INSTRUCTIONS TO FOLLOW | The required answer is the count of lines in the records that contain "letters", with no other text.

-- GIVEN RECORDS follows --

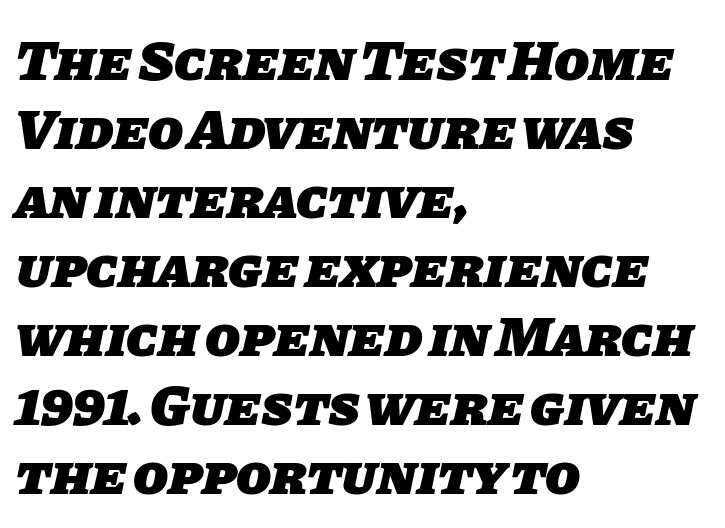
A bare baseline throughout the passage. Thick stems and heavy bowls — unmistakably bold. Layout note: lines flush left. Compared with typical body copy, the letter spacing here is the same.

-- GIVEN RECORDS concluded --
-- GIVEN RECORDS follows --

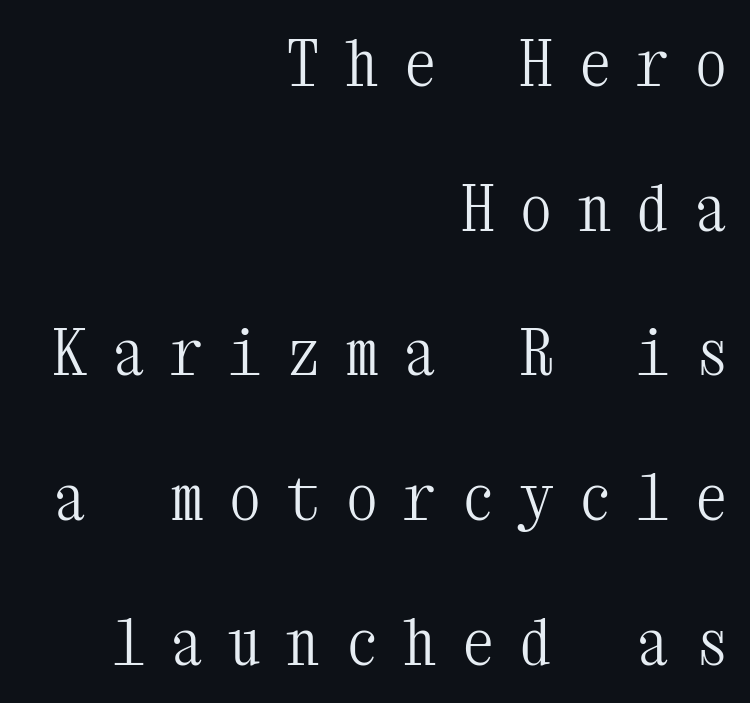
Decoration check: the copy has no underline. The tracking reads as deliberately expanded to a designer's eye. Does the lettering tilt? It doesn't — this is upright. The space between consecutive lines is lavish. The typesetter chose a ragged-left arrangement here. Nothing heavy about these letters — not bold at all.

-- GIVEN RECORDS concluded --
-- GIVEN RECORDS follows --

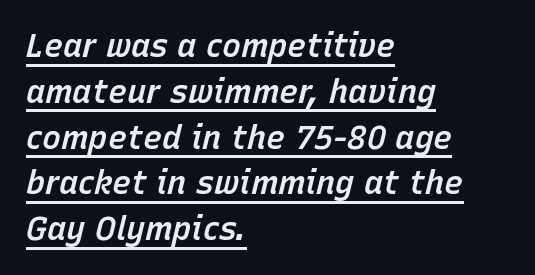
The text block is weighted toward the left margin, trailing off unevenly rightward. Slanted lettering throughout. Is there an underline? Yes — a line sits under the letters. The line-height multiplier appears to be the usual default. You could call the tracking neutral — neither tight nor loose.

-- GIVEN RECORDS concluded --

REPLY TO THE TASK | 2